I don't understand how it is an answer to gradual disempowerement.

In the GD scenario, both individual humans and AI understand that :

AI-powered governance/economy leads to better "utilitarian outcome" (more wealth, better governance)
AI and humans understand that this leads to disempowerement
Moral/economics pressure leads to that disempowerement

The problem is not in the understanding. It is in the incentives. The threat model was never "oops, we did not understood that dynamics, and now we are disempowered… if only we knew…". We already know before it happens — that’s the point of the original GD paper. Having an LLM understand and explain that dynamics does not help avert that scenario ?

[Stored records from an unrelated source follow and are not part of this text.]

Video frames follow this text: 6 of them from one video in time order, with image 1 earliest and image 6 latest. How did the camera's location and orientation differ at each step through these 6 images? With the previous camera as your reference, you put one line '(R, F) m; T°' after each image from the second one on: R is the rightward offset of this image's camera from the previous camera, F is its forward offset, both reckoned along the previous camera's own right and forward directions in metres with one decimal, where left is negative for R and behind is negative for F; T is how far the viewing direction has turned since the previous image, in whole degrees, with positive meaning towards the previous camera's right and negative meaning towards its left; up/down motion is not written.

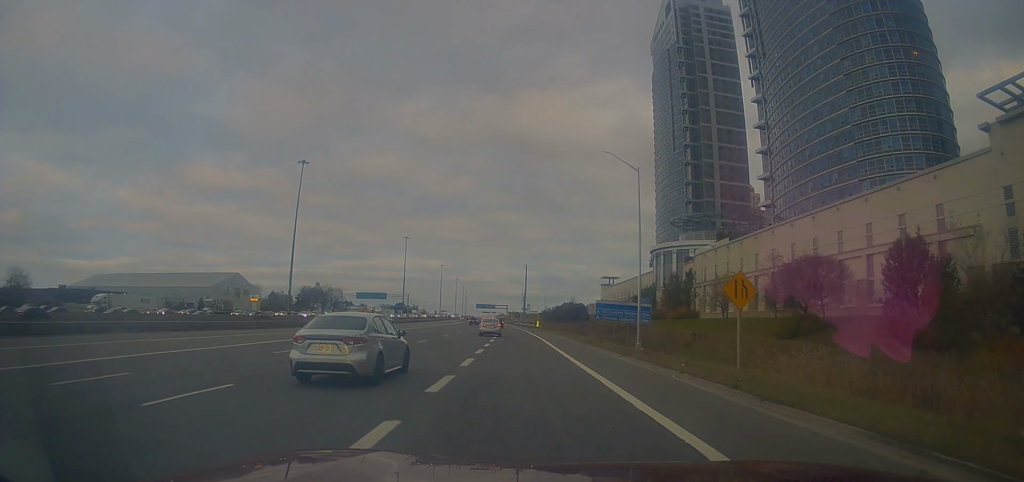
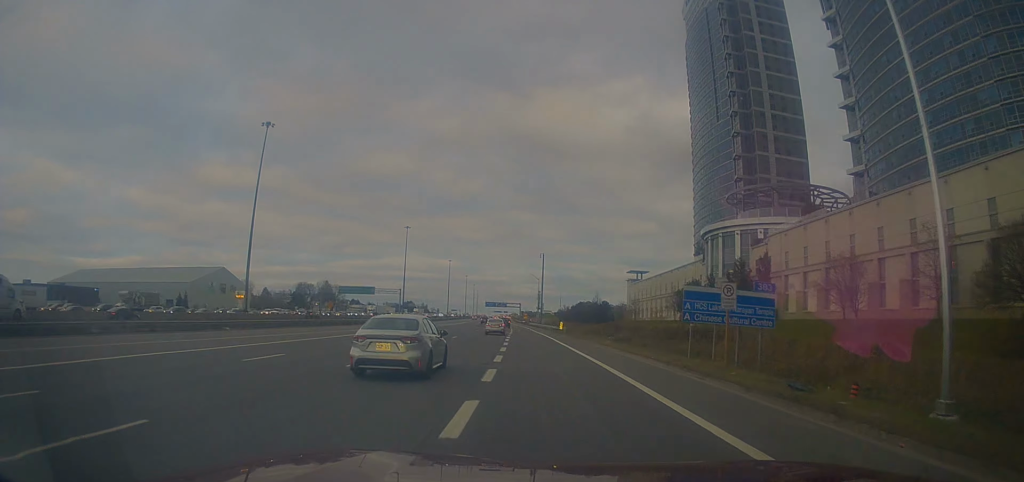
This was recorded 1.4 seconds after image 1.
(-0.7, +28.2) m; -3°
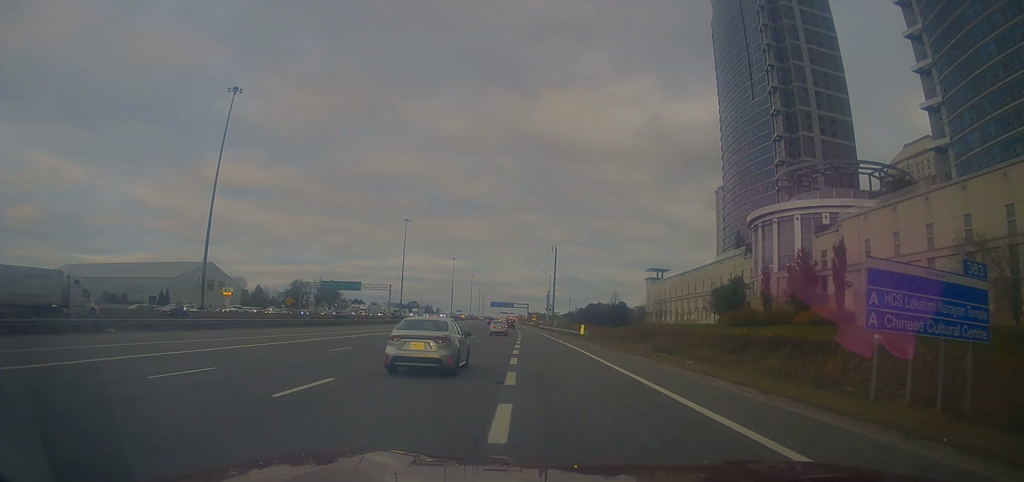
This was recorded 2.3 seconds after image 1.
(-0.2, +18.2) m; +1°
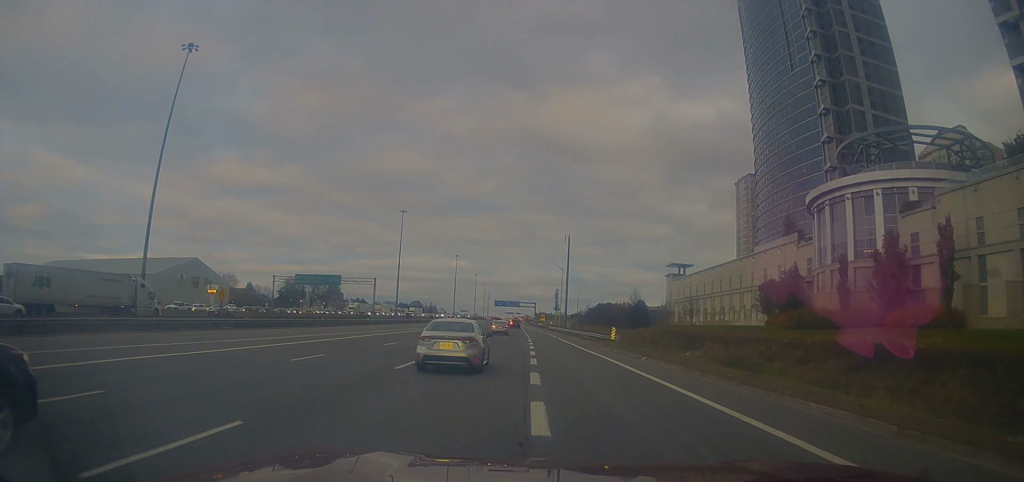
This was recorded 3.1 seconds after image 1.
(+0.6, +17.5) m; 0°
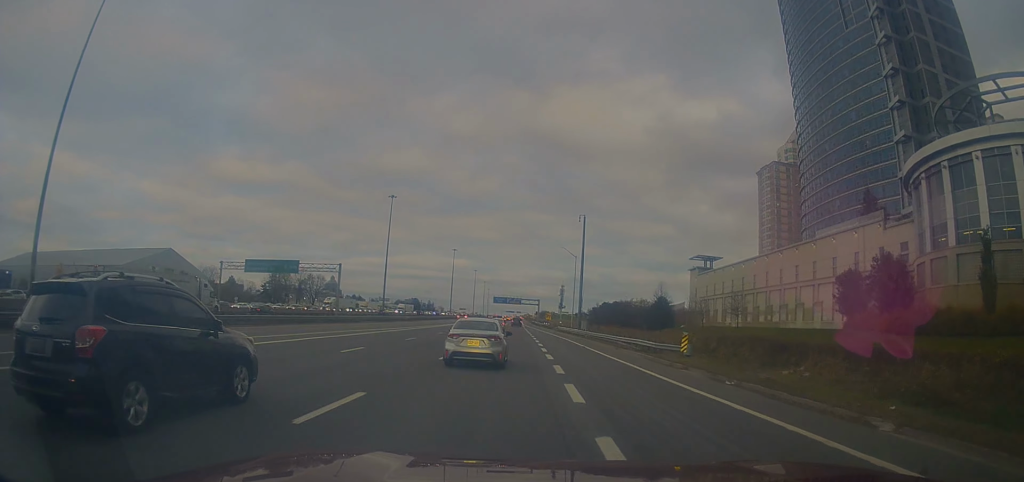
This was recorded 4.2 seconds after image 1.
(-0.4, +21.0) m; -1°
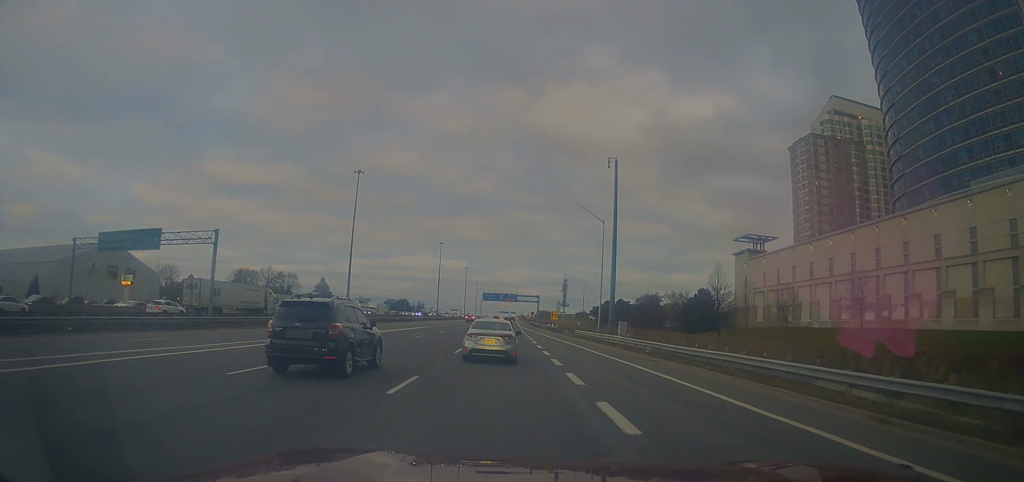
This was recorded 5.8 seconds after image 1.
(-0.1, +32.8) m; 0°

I wouldn't go as far as calling it an answer, but I think it helps. The mechanism is by lowering the diff between agent powered things and things where a human understands what is being done or is otherwise in the loop

Do you have ideas about how to do this?

I can't think of much besides trying to get the AI to richly model itself, and build correspondences between that self-model and its text-production capability.

But this is, like, probably not a thing we should just do first and think about later. I'd like it to be part of a pre-meditated plan to handle outer alignment.

Edit: after thinking about it, that's too cautious. We should think first, but some experimentation is necessary. The thinking first should plausibly be more like having some idea about how to bias further work towards safety rather than building self-improving AI as fast as possible.

We hope to borrow much ideas from the cogsci work, where mental models between people (e.g., co-working, teacher/student situations) are well studied. This work that we cite may give a good idea of the flavor: https://langcog.stanford.edu/papers_new/goodman-2016-tics.pdf or https://royalsocietypublishing.org/doi/abs/10.1098/rsta.2022.0048. In other words, cogsci folks have been studying how humans work together to understand each other to work better together or to enable better education, and the agentic interpretability is advocating to do something similar (tho it may look very different) with machines.

I was asking more "how does the AI get a good model of itself", but your answer was still interesting, thanks. Still not sure if you think there's some straightforward ways future AI will get such a model that all come out more or less at the starting point of your proposal. (Or if not.)

Here's another take for you: this is like Eliciting Latent Knowledge (with extra hope placed on cogsci methods), except where I take ELK to be asking "how do you communicate with humans to make them good at RL feedback," you're asking "how do you communicate with humans to make them good at participating in verbal chain of thought?"